Benefits of online therapy for repression

When repression of emotions or experiences is left unchecked, it can lead to various mental health issues. Fortunately, therapy can provide an effective way for individuals experiencing repressed emotions to get the help they need and progress toward relief.

Online therapy may be an especially beneficial option for those living with repression symptoms. By offering convenient and flexible scheduling and meetings that can occur in a familiar and comforting environment such as your home, online therapeutic options like BetterHelp can offer individuals a chance to heal from their experience in a safe and productive setting.
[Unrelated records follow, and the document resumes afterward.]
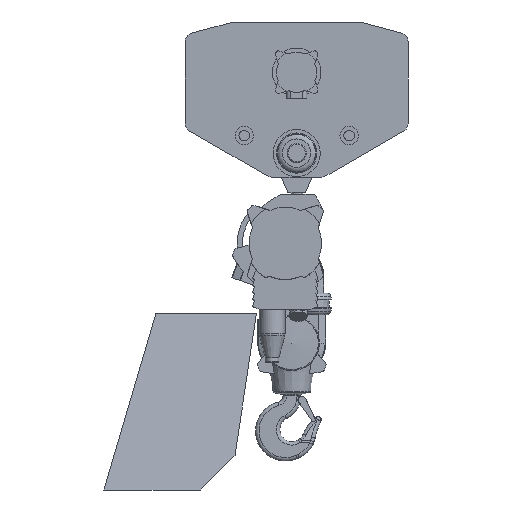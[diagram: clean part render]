
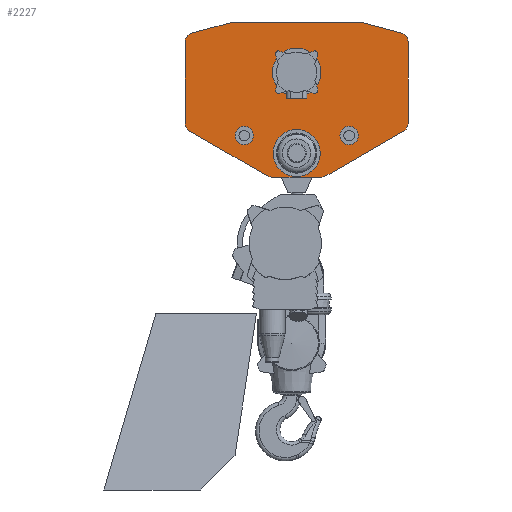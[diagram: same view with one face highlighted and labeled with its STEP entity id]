
A CAD part, front view. The second image highlights one B-rep face of the part: STEP entity #2227.
In plain terms, the highlighted face is planar.
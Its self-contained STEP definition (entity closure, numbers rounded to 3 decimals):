
#2227=ADVANCED_FACE('',(#4567,#4568,#4569,#4570,#4571),#4572,.T.);
#4567=FACE_BOUND('',#8781,.T.);
#4568=FACE_BOUND('',#8782,.T.);
#4569=FACE_BOUND('',#8783,.T.);
#4570=FACE_OUTER_BOUND('',#8784,.T.);
#4571=FACE_BOUND('',#8785,.T.);
#4572=PLANE('',#8786);
#8781=EDGE_LOOP('',(#14969));
#8782=EDGE_LOOP('',(#14970));
#8783=EDGE_LOOP('',(#14971));
#8784=EDGE_LOOP('',(#14972,#14973,#14974,#14975,#14976,#14977,#14978,#14979,#14980,#14981,#14982,#14983,#14984,#14985,#14986,#14987));
#8785=EDGE_LOOP('',(#14988));
#8786=AXIS2_PLACEMENT_3D('',#14989,#14990,#14991);
#14969=ORIENTED_EDGE('',*,*,#17045,.F.);
#14970=ORIENTED_EDGE('',*,*,#16895,.F.);
#14971=ORIENTED_EDGE('',*,*,#17959,.F.);
#14972=ORIENTED_EDGE('',*,*,#18548,.T.);
#14973=ORIENTED_EDGE('',*,*,#18007,.T.);
#14974=ORIENTED_EDGE('',*,*,#18924,.T.);
#14975=ORIENTED_EDGE('',*,*,#18925,.T.);
#14976=ORIENTED_EDGE('',*,*,#17123,.T.);
#14977=ORIENTED_EDGE('',*,*,#18926,.T.);
#14978=ORIENTED_EDGE('',*,*,#18927,.T.);
#14979=ORIENTED_EDGE('',*,*,#18753,.T.);
#14980=ORIENTED_EDGE('',*,*,#17671,.T.);
#14981=ORIENTED_EDGE('',*,*,#18620,.T.);
#14982=ORIENTED_EDGE('',*,*,#18910,.T.);
#14983=ORIENTED_EDGE('',*,*,#17667,.T.);
#14984=ORIENTED_EDGE('',*,*,#18273,.T.);
#14985=ORIENTED_EDGE('',*,*,#17177,.T.);
#14986=ORIENTED_EDGE('',*,*,#18408,.T.);
#14987=ORIENTED_EDGE('',*,*,#16978,.T.);
#14988=ORIENTED_EDGE('',*,*,#17119,.T.);
#14989=CARTESIAN_POINT('',(-142.367,95.,20.));
#14990=DIRECTION('',(0.,0.,1.));
#14991=DIRECTION('',(1.,0.,0.));
#16895=EDGE_CURVE('',#19542,#19542,#19543,.T.);
#16978=EDGE_CURVE('',#19690,#19688,#19691,.T.);
#17045=EDGE_CURVE('',#19803,#19803,#19804,.T.);
#17119=EDGE_CURVE('',#19931,#19931,#19932,.F.);
#17123=EDGE_CURVE('',#19939,#19937,#19940,.T.);
#17177=EDGE_CURVE('',#20035,#20033,#20036,.T.);
#17667=EDGE_CURVE('',#20850,#20848,#20851,.T.);
#17671=EDGE_CURVE('',#20856,#20854,#20857,.T.);
#17959=EDGE_CURVE('',#21321,#21321,#21322,.T.);
#18007=EDGE_CURVE('',#21392,#21390,#21393,.T.);
#18273=EDGE_CURVE('',#20848,#20035,#21793,.T.);
#18408=EDGE_CURVE('',#20033,#19690,#21979,.T.);
#18548=EDGE_CURVE('',#19688,#21392,#22151,.T.);
#18620=EDGE_CURVE('',#20854,#22243,#22245,.T.);
#18753=EDGE_CURVE('',#22411,#20856,#22412,.T.);
#18910=EDGE_CURVE('',#22243,#20850,#22611,.T.);
#18924=EDGE_CURVE('',#21390,#22626,#22627,.T.);
#18925=EDGE_CURVE('',#22626,#19939,#22628,.T.);
#18926=EDGE_CURVE('',#19937,#22629,#22630,.T.);
#18927=EDGE_CURVE('',#22629,#22411,#22631,.T.);
#19542=VERTEX_POINT('',#23333);
#19543=CIRCLE('',#23334,21.);
#19688=VERTEX_POINT('',#23716);
#19690=VERTEX_POINT('',#23719);
#19691=CIRCLE('',#23720,20.);
#19803=VERTEX_POINT('',#24016);
#19804=CIRCLE('',#24017,37.5);
#19931=VERTEX_POINT('',#24225);
#19932=CIRCLE('',#24226,30.);
#19937=VERTEX_POINT('',#24232);
#19939=VERTEX_POINT('',#24235);
#19940=LINE('',#24236,#24237);
#20033=VERTEX_POINT('',#24354);
#20035=VERTEX_POINT('',#24357);
#20036=CIRCLE('',#24358,20.);
#20848=VERTEX_POINT('',#25448);
#20850=VERTEX_POINT('',#25451);
#20851=CIRCLE('',#25452,20.);
#20854=VERTEX_POINT('',#25456);
#20856=VERTEX_POINT('',#25459);
#20857=LINE('',#25460,#25461);
#21321=VERTEX_POINT('',#26104);
#21322=CIRCLE('',#26105,21.);
#21390=VERTEX_POINT('',#26199);
#21392=VERTEX_POINT('',#26202);
#21393=CIRCLE('',#26203,20.);
#21793=LINE('',#26863,#26864);
#21979=LINE('',#27128,#27129);
#22151=LINE('',#27485,#27486);
#22243=VERTEX_POINT('',#27602);
#22245=CIRCLE('',#27605,20.);
#22411=VERTEX_POINT('',#27811);
#22412=CIRCLE('',#27812,20.);
#22611=LINE('',#28100,#28101);
#22626=VERTEX_POINT('',#28119);
#22627=LINE('',#28120,#28121);
#22628=CIRCLE('',#28122,20.);
#22629=VERTEX_POINT('',#28123);
#22630=CIRCLE('',#28124,20.);
#22631=LINE('',#28125,#28126);
#23333=CARTESIAN_POINT('',(141.,-145.,20.));
#23334=AXIS2_PLACEMENT_3D('',#29116,#29117,#29118);
#23716=CARTESIAN_POINT('',(142.367,115.,20.));
#23719=CARTESIAN_POINT('',(147.543,114.319,20.));
#23720=AXIS2_PLACEMENT_3D('',#29255,#29256,#29257);
#24016=CARTESIAN_POINT('',(37.5,0.,20.));
#24017=AXIS2_PLACEMENT_3D('',#29337,#29338,#29339);
#24225=CARTESIAN_POINT('',(30.,-185.,20.));
#24226=AXIS2_PLACEMENT_3D('',#29436,#29437,#29438);
#24232=CARTESIAN_POINT('',(-255.,-117.313,20.));
#24235=CARTESIAN_POINT('',(-255.,70.179,20.));
#24236=CARTESIAN_POINT('',(-255.,-117.313,20.));
#24237=VECTOR('',#29441,1.);
#24354=CARTESIAN_POINT('',(240.176,89.498,20.));
#24357=CARTESIAN_POINT('',(255.,70.179,20.));
#24358=AXIS2_PLACEMENT_3D('',#29518,#29519,#29520);
#25448=CARTESIAN_POINT('',(255.,-117.313,20.));
#25451=CARTESIAN_POINT('',(245.,-134.634,20.));
#25452=AXIS2_PLACEMENT_3D('',#30268,#30269,#30270);
#25456=CARTESIAN_POINT('',(57.141,-240.,20.));
#25459=CARTESIAN_POINT('',(-57.141,-240.,20.));
#25460=CARTESIAN_POINT('',(-57.141,-240.,20.));
#25461=VECTOR('',#30273,1.);
#26104=CARTESIAN_POINT('',(-99.,-145.,20.));
#26105=AXIS2_PLACEMENT_3D('',#30768,#30769,#30770);
#26199=CARTESIAN_POINT('',(-147.543,114.319,20.));
#26202=CARTESIAN_POINT('',(-142.367,115.,20.));
#26203=AXIS2_PLACEMENT_3D('',#30831,#30832,#30833);
#26863=CARTESIAN_POINT('',(255.,-117.313,20.));
#26864=VECTOR('',#31213,1.);
#27128=CARTESIAN_POINT('',(240.176,89.498,20.));
#27129=VECTOR('',#31404,1.);
#27485=CARTESIAN_POINT('',(-142.367,115.,20.));
#27486=VECTOR('',#31562,1.);
#27602=CARTESIAN_POINT('',(67.141,-237.321,20.));
#27605=AXIS2_PLACEMENT_3D('',#31659,#31660,#31661);
#27811=CARTESIAN_POINT('',(-67.141,-237.321,20.));
#27812=AXIS2_PLACEMENT_3D('',#31807,#31808,#31809);
#28100=CARTESIAN_POINT('',(67.141,-237.321,20.));
#28101=VECTOR('',#32071,1.);
#28119=CARTESIAN_POINT('',(-240.176,89.498,20.));
#28120=CARTESIAN_POINT('',(-147.543,114.319,20.));
#28121=VECTOR('',#32081,1.);
#28122=AXIS2_PLACEMENT_3D('',#32082,#32083,#32084);
#28123=CARTESIAN_POINT('',(-245.,-134.634,20.));
#28124=AXIS2_PLACEMENT_3D('',#32085,#32086,#32087);
#28125=CARTESIAN_POINT('',(-245.,-134.634,20.));
#28126=VECTOR('',#32088,1.);
#29116=CARTESIAN_POINT('',(120.,-145.,20.));
#29117=DIRECTION('',(0.,0.,1.));
#29118=DIRECTION('',(1.,0.,0.));
#29255=CARTESIAN_POINT('',(142.367,95.,20.));
#29256=DIRECTION('',(0.,0.,1.));
#29257=DIRECTION('',(1.,0.,0.));
#29337=CARTESIAN_POINT('',(0.,0.,20.));
#29338=DIRECTION('',(0.,0.,1.));
#29339=DIRECTION('',(1.,0.,0.));
#29436=CARTESIAN_POINT('',(0.,-185.,20.));
#29437=DIRECTION('',(0.,0.,1.));
#29438=DIRECTION('',(1.,0.,0.));
#29441=DIRECTION('',(0.,-1.,0.));
#29518=CARTESIAN_POINT('',(235.,70.179,20.));
#29519=DIRECTION('',(0.,0.,1.));
#29520=DIRECTION('',(1.,0.,0.));
#30268=CARTESIAN_POINT('',(235.,-117.313,20.));
#30269=DIRECTION('',(0.,0.,1.));
#30270=DIRECTION('',(-1.,0.,0.));
#30273=DIRECTION('',(1.,0.,0.));
#30768=CARTESIAN_POINT('',(-120.,-145.,20.));
#30769=DIRECTION('',(0.,0.,1.));
#30770=DIRECTION('',(1.,0.,0.));
#30831=CARTESIAN_POINT('',(-142.367,95.,20.));
#30832=DIRECTION('',(0.,0.,1.));
#30833=DIRECTION('',(1.,0.,0.));
#31213=DIRECTION('',(0.,1.,0.));
#31404=DIRECTION('',(-0.966,0.259,0.));
#31562=DIRECTION('',(-1.,0.,0.));
#31659=CARTESIAN_POINT('',(57.141,-220.,20.));
#31660=DIRECTION('',(0.,0.,1.));
#31661=DIRECTION('',(1.,0.,0.));
#31807=CARTESIAN_POINT('',(-57.141,-220.,20.));
#31808=DIRECTION('',(0.,0.,1.));
#31809=DIRECTION('',(1.,0.,0.));
#32071=DIRECTION('',(0.866,0.5,0.));
#32081=DIRECTION('',(-0.966,-0.259,0.));
#32082=CARTESIAN_POINT('',(-235.,70.179,20.));
#32083=DIRECTION('',(0.,0.,1.));
#32084=DIRECTION('',(1.,0.,0.));
#32085=CARTESIAN_POINT('',(-235.,-117.313,20.));
#32086=DIRECTION('',(0.,0.,1.));
#32087=DIRECTION('',(1.,0.,0.));
#32088=DIRECTION('',(0.866,-0.5,0.));

Effectiveness of online therapy for repression

Therapy for repression is highly effective in mitigating psychological distress, according to a vast wealth of scientific studies. Overall, these studies have backed up the effectiveness of therapy for repression in helping people become more mindful of their emotional states and thus gain greater control over their lives. They comprehensively establish that psychotherapeutic techniques like Cognitive Behavioral Therapy (CBT) can help individuals resolve many of the issues caused by their repressed emotions.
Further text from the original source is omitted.